Exercise instructions: The records that appear below are to be restated word for word.

Task input below:

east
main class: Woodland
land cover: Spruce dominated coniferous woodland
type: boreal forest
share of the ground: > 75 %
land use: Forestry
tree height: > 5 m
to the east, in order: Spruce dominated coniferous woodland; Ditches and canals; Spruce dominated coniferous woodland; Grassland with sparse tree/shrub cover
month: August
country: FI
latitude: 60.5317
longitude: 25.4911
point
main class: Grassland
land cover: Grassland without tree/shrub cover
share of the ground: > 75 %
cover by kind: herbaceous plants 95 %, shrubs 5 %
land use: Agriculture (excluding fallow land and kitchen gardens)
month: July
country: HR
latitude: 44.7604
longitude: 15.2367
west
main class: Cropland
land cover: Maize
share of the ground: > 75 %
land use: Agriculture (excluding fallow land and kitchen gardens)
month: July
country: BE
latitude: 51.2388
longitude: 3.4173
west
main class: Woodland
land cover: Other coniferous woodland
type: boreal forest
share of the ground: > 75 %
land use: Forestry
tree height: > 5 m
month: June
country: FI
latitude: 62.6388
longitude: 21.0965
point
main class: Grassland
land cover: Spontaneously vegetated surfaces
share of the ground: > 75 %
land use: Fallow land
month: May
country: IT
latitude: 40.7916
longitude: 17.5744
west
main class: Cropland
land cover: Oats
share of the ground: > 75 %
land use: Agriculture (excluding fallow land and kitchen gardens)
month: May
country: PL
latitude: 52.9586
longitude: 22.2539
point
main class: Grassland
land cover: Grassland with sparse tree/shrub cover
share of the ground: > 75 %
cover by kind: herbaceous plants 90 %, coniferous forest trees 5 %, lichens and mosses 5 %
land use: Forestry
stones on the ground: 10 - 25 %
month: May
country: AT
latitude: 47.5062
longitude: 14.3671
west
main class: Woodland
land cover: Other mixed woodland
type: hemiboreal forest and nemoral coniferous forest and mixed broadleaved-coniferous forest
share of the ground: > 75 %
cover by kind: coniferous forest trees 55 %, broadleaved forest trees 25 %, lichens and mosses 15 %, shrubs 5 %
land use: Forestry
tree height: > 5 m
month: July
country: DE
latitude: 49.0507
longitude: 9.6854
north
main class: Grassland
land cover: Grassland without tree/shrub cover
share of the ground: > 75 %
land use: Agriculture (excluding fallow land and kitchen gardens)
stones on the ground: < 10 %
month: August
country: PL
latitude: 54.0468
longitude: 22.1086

End of Task input.

Problem solution:
east
main class: Woodland
land cover: Spruce dominated coniferous woodland
type: boreal forest
share of the ground: > 75 %
land use: Forestry
tree height: > 5 m
to the east, in order: Spruce dominated coniferous woodland; Ditches and canals; Spruce dominated coniferous woodland; Grassland with sparse tree/shrub cover
month: August
country: FI
latitude: 60.5317
longitude: 25.4911
point
main class: Grassland
land cover: Grassland without tree/shrub cover
share of the ground: > 75 %
cover by kind: herbaceous plants 95 %, shrubs 5 %
land use: Agriculture (excluding fallow land and kitchen gardens)
month: July
country: HR
latitude: 44.7604
longitude: 15.2367
west
main class: Cropland
land cover: Maize
share of the ground: > 75 %
land use: Agriculture (excluding fallow land and kitchen gardens)
month: July
country: BE
latitude: 51.2388
longitude: 3.4173
west
main class: Woodland
land cover: Other coniferous woodland
type: boreal forest
share of the ground: > 75 %
land use: Forestry
tree height: > 5 m
month: June
country: FI
latitude: 62.6388
longitude: 21.0965
point
main class: Grassland
land cover: Spontaneously vegetated surfaces
share of the ground: > 75 %
land use: Fallow land
month: May
country: IT
latitude: 40.7916
longitude: 17.5744
west
main class: Cropland
land cover: Oats
share of the ground: > 75 %
land use: Agriculture (excluding fallow land and kitchen gardens)
month: May
country: PL
latitude: 52.9586
longitude: 22.2539
point
main class: Grassland
land cover: Grassland with sparse tree/shrub cover
share of the ground: > 75 %
cover by kind: herbaceous plants 90 %, coniferous forest trees 5 %, lichens and mosses 5 %
land use: Forestry
stones on the ground: 10 - 25 %
month: May
country: AT
latitude: 47.5062
longitude: 14.3671
west
main class: Woodland
land cover: Other mixed woodland
type: hemiboreal forest and nemoral coniferous forest and mixed broadleaved-coniferous forest
share of the ground: > 75 %
cover by kind: coniferous forest trees 55 %, broadleaved forest trees 25 %, lichens and mosses 15 %, shrubs 5 %
land use: Forestry
tree height: > 5 m
month: July
country: DE
latitude: 49.0507
longitude: 9.6854
north
main class: Grassland
land cover: Grassland without tree/shrub cover
share of the ground: > 75 %
land use: Agriculture (excluding fallow land and kitchen gardens)
stones on the ground: < 10 %
month: August
country: PL
latitude: 54.0468
longitude: 22.1086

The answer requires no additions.